During National Protocol Officer Week, we caught up with Andrew Loeb Shoenig, winner of last year’s NPOW contest who captured—on film—a minor protocol breach involving a US flag being gifted to the wrong dignitary and how he was able to reconcile the situation. This year, we catch up with Andrew to get his reflections on his recent PSOW complimentary training, his current plans as well as his thoughts on the importance of protocol in today’s world.
Andrew, tell us about your complimentary training as winner of last year’s National Protocol Officer Week contest? What class did you attend and what was the experience like? I attended the May 2017 training in Washington, DC. It’s an intensive experience, covering a lot of ground in a relatively short amount of time. The course organizers and trainers put a lot of thought into the curriculum, mixing various formats of learning with an emphasis on application. They also – unsurprisingly – put a lot of thought into the experience. Memorable experiences are what protocol is about after all. Protocol is a toolbox, and the PSOW training is a great way to develop the various tools.
What were the top takeaways from your training as it relates to the protocol profession? What resonated with you the most?

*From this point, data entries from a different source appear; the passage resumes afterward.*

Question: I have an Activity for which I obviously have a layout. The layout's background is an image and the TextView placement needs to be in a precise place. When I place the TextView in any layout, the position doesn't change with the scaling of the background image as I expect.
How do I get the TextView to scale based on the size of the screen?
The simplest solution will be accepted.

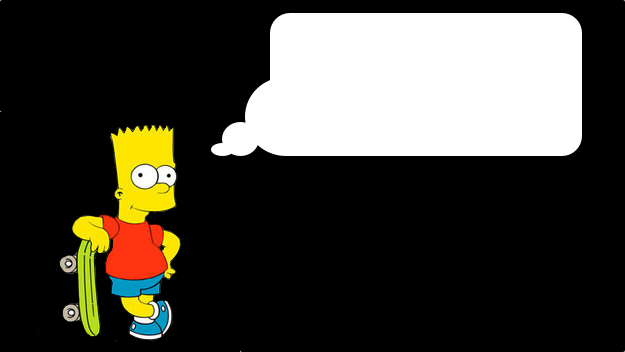
Answer: Your question is a little vague, but assuming what you're going for is 'put the TextView over the speech bubble in the above image', you may have a bit of work ahead of you. You could attempt to use margins and such to give it a precise placement over the speech image, but this will be quite tricky and will probably never work exactly like you want. Your simplest option would be to do the following
1. Use Photoshop, Paint, or just about any editing program to cut out Bart and the speech bubble and save them as seperate images.
2. Use a RelativeLayout with the background color set to black android:background="@android:color/black".
3. Place an ImageView using the graphic of Bart, and set the following properties on it: android:layout_alignParentLeft="true", android:layout_alignParentBottom="true", and 'android:id="@id/img_bart".
4. Place a TextView, set the background to use the speech bubble image (android:background="@drawable/img_speech" or whatever you called the speech bubble image), set it to appear to the right of Bart android:layout_toRightOf="@id/img_bart", and either snap it to the top (android:layout_alignParentTop="true" - this may cause issues on tall screens though), or snap to the bottom offset by an appropriate amount through android:layout_alignParentBottom="true" and android:layout_marginBottom="150dp", modifying the 150 to get it to appear at the right height relative to Bart.
I know it's a fair bit of work, unfortunately Android layouts often are, especially in cases where you want to get different elements to stick together in appropriate ways, like speech bubbles.
Another thing you could look at is AbsoluteLayout, which allows you to place child elements in locations - however this is strongly discouraged as it won't scale well to different screen sizes, and the AbsoluteLayout class itself is deprecated and has been for a very long time.

A benefit of the DC program is visiting the 9/11 Memorial at the Pentagon. Among her many accomplishments in her protocol career, one of the trainers Diane Brown had played a leading role in managing protocol during the immediate aftermath of the attack on the Pentagon in 2001. She also was responsible for protocol during the various memorial services that followed through the opening of the memorial several years later. Our site visit to the memorial with her was a real highlight of the program – and not just because it was one of the final sessions, which we know as protocol professionals tend to be what participants remember. I’d visited the memorial before on my own several times, but visiting with Diane added another level to the experience as we considered what role protocol played in ensuring the memorial dedication was a meaningful experience, despite the difficult context – difficult because of both the emotional purpose as well as high-stakes logistics.
This year’s theme for the NPOW contest theme is “Where in the World is Protocol?” where entrants are asked to describe a place in the world protocol (or lack thereof) is showcased in the world and why protocol professionals are needed more than ever. Do you have any immediate thoughts that come to mind on how you would answer this query?Protocol is a human endeavor – something one can forget when also considering flags, agendas, titles, and seating arrangements. As a human endeavor, I think protocol exists in the relationships between people. That’s where it is in the world.

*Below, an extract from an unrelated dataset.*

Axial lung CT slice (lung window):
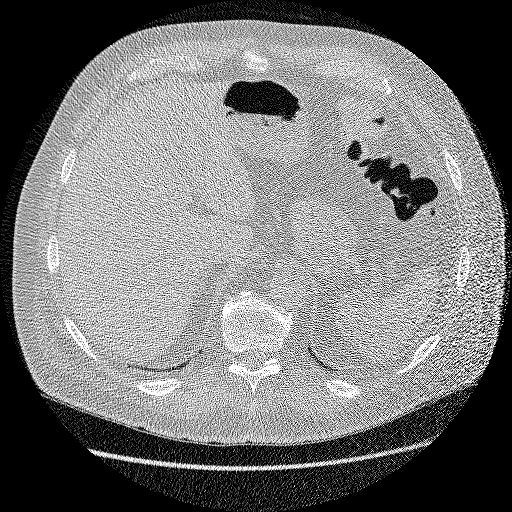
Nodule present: no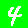
Digit: 4

You have already worked in some very interesting positions related to protocol, including your position as Associate Director of International Programs for the Congressional Studies Group at FMC. Get us up to speed on what you are doing now and what your future plans entail? I’m back in the classroom, this time as a graduate student of Public Administration in the School of Government at The University of North Carolina at Chapel Hill. This semester I’m in a course on Organization Theory, which uses a four-frame model developed by Bolman and Deal. In this course in particular, I’ve drawn on my past experiences in a protocol-related role and the PSOW training as context for our reading and discussion about the culture, people, politics, and structure of organizations and their environments. Looking ahead, I hope to find professional opportunities to support the strategic operations of public service organizations. An understanding of protocol can play a vital role in this work.
What do you think are the biggest challenges that protocol professionals face in a world of instant communication, political tweets and how “fake news” may cause misconceptions about other countries and cultures? Intentionally hurtful speech is inexcusable and incompatible with the values of public service. Unfortunately, intentionally hurtful speech, like more innocent faux pas, is nothing new. What has changed is the speed and reach of communication. Protocol professionals must work harder now to ensure solid people-to-people relationships under gird more fluctuating official ones.
What would you tell a prospective student thinking of attending a PSOW session? One of the assets of the PSOW Training is your cohort. While a heavy majority served the military, there were also protocol professionals from other sectors. The varied perspectives enrich group discussions and adds great value to the formal curriculum. As you learn, protocol is both an art and a science, best when tailored to the environment and purpose.